Я с раннего детства не хотел такой жизни, когда говорят одно, а делают другое. Мама в тайне ненавидела отца и в разговорах с подружками сетовала на тот день, когда вышла за него замуж. Между ними давно уже не было тех тёплых чувств, как в Казахстане. Я помню, как папа чуть ли не носил маму на руках, дарил ей цветы и мы вместе ходили на свой огород за селом, где днём сажали картошку, а вечерами сидели у костра жаря на длинных шампурах небольшие кусочки баранины, замаринованные отцом. Мама пела, а отец аккомпанировал ей на пустых, перевернутых ведрах.

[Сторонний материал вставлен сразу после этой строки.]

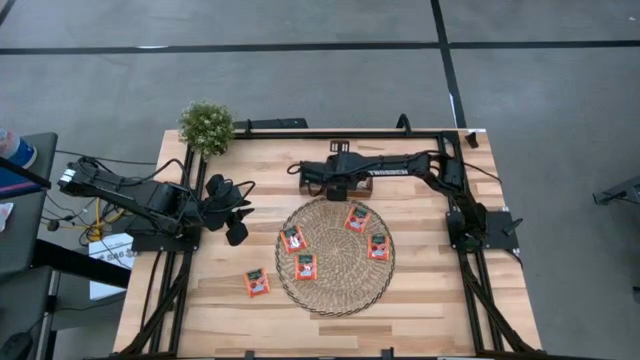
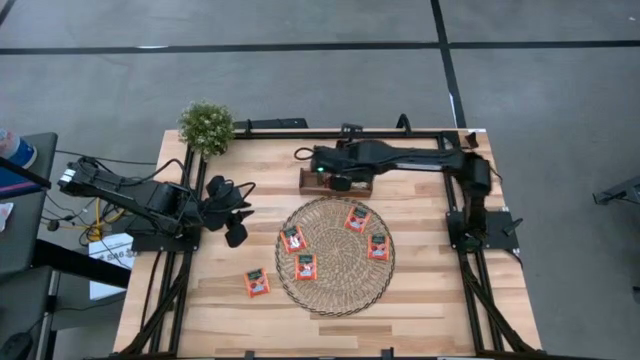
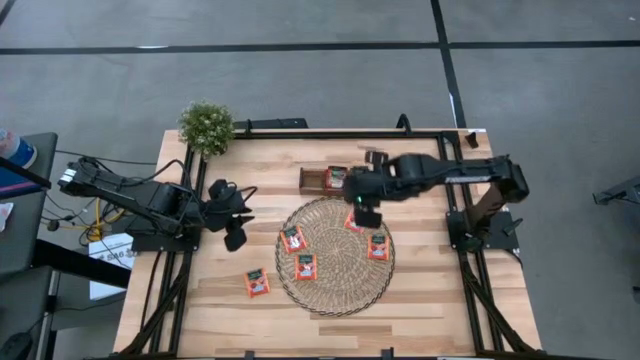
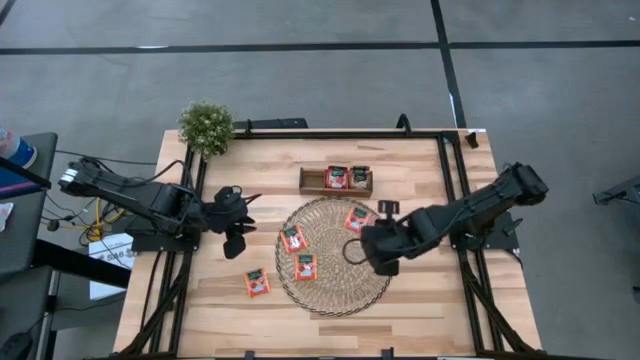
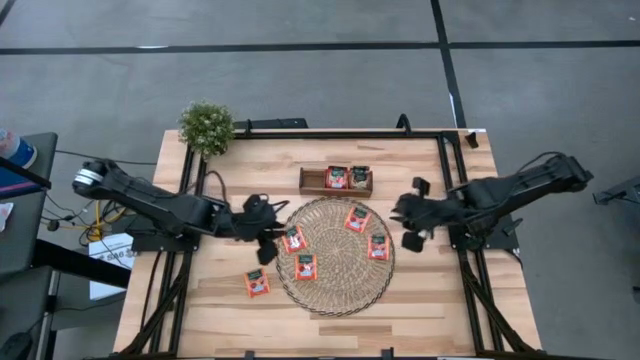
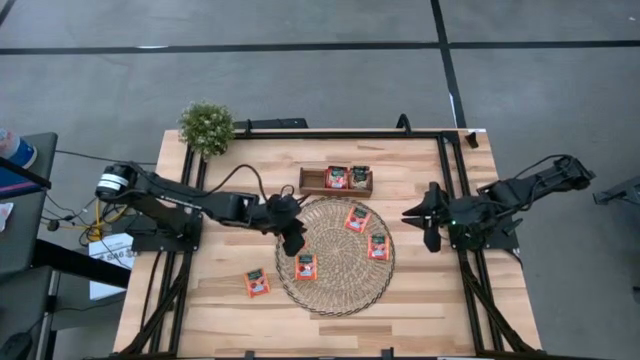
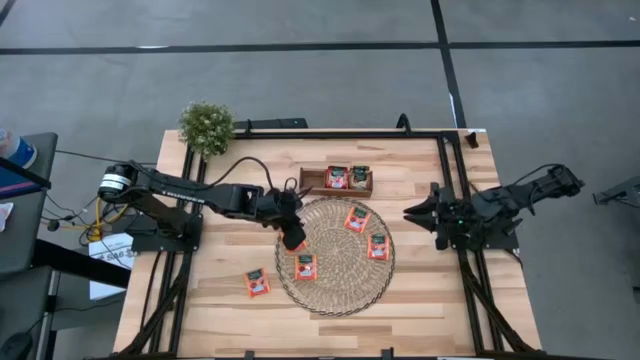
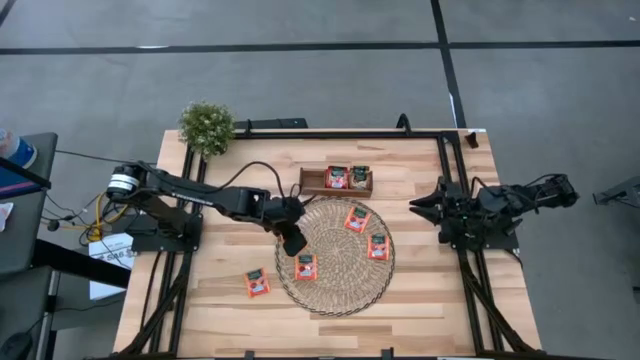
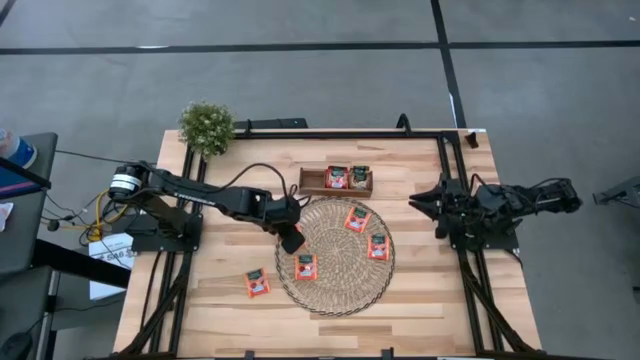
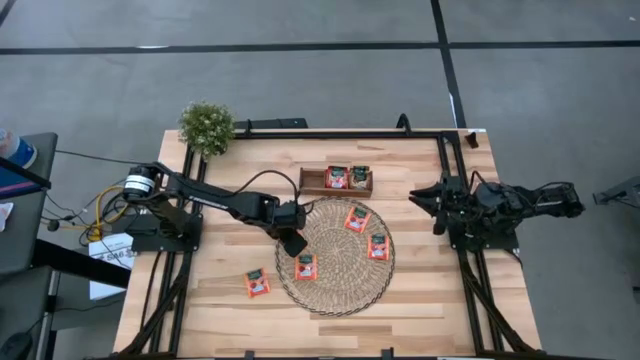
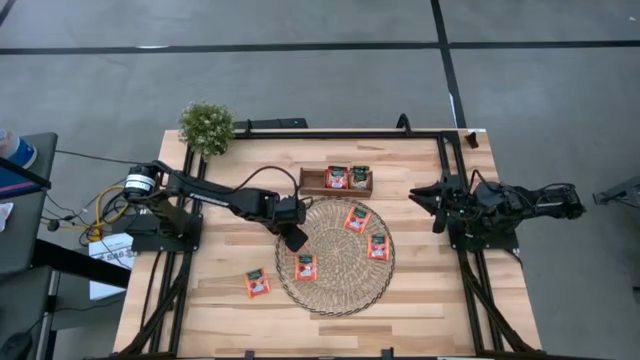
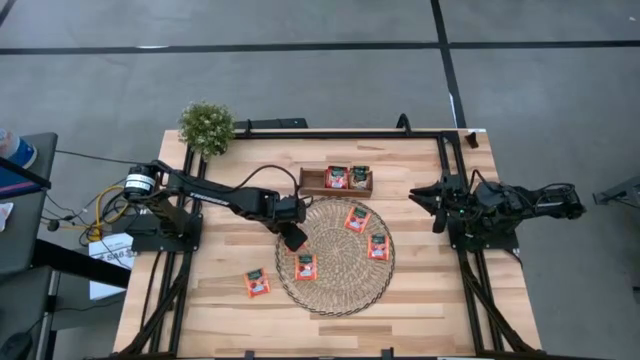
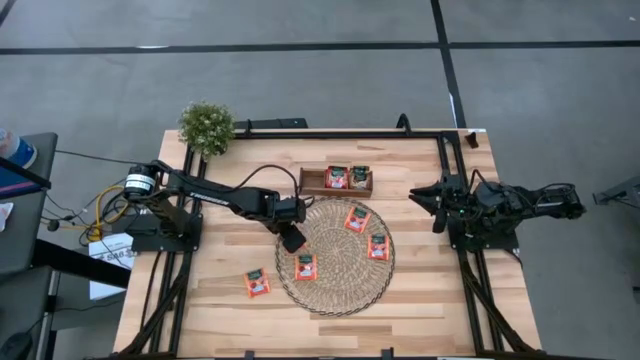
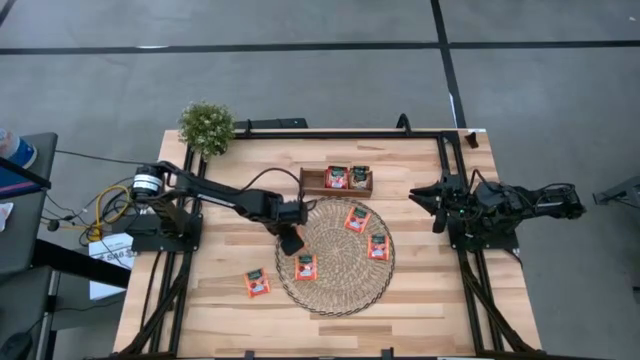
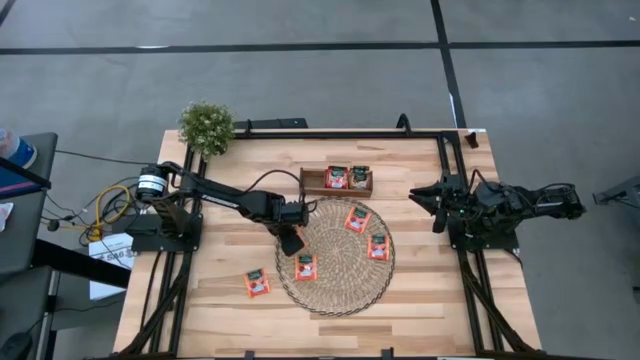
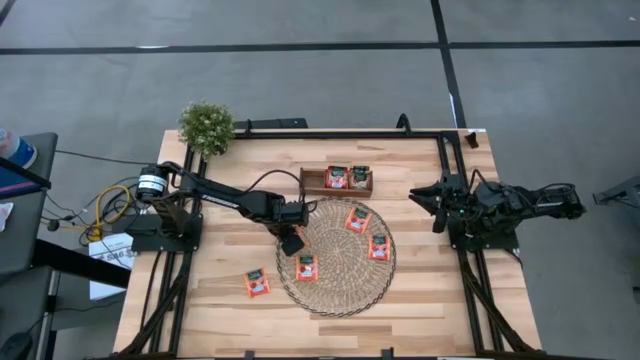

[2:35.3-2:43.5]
Task: Pick & Place Tea
Put the orange tea bag into the left section of the wooden organizer

Еще помню, тот день, когда мама ошпарилась, случайно уронив себе на ноги большую кастрюлю, в которой кипятилось бельё. Отец, узнав о происшествии, примчался с поля на мотоцикле, где работал комбайнёром и повёз её в город к лучшим докторам. Приехав ночью из больницы, он забил единственного кабана и всех гусей, всю ночь он ощипывал их, разделывал туши, а рано утром повёз мясо на рынок. Он сделал всё, что бы за мамой ухаживали и не жалел деньги ни на лекарства, ни на цветы, которые вёдрами стояли в маминой больничной палате. В те дни, папа очень постарел, у него появились седые волосы, но он был счастлив, как и я, когда после долгого лечения, мы учили маму вновь ходить.

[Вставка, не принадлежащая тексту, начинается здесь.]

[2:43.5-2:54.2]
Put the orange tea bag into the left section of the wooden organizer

Теперь это был не тот папа, который там, в казахской деревне, приезжая домой на мотоцикле, поднимал меня вверх и кружил над своей головой, который любил меня, и я знал об этом.
Мама тоже изменилась, она стала замкнутая, в последнее время мы вообще редко разговаривали с ней. Я не очень хорошо могу понять их по-русски, особенно папу с его матами и бранью, а они не могут спросить меня по-немецки о том, что болит у меня в душе. Мы отделяемся друг от друга и эта пропасть глубока как бездна.
Родители часто мне говорят:
— Вырастишь, сынок, сам поймешь!
Что я должен понять, если они сами ничего не поняли. Они прожигают свою жизнь в работе и тайной ненависти друг к другу. Создаётся впечатление. Что они делают черновик, который после можно переписать начисто. Можно вновь обрести молодость и светлое будущее. Впрочем, светлое будущее у отца – это день окончательного расчёта с кредитом. Он наивно полагает, что потом он будет счастлив. Потом, через двадцать лет…
На работе, отца по его словам, шеф заездил.
Оказывается, когда начальство узнаёт, что работник в долгах, как в шелках, то, естественно, понимает, что этот капкан к их удаче. Вот он, готовый «козёл отпущения», который и выходные и в праздники готов пахать, боясь быть выброшенным на улицу. Именно эта причина сломала отца. Он стал молчалив, и замкнут в себе. За столом он молчит, цедя из стакана водку или вино, его взгляд стал холодным и колючим. Бедный мой папа. Иногда мне его искренне жаль.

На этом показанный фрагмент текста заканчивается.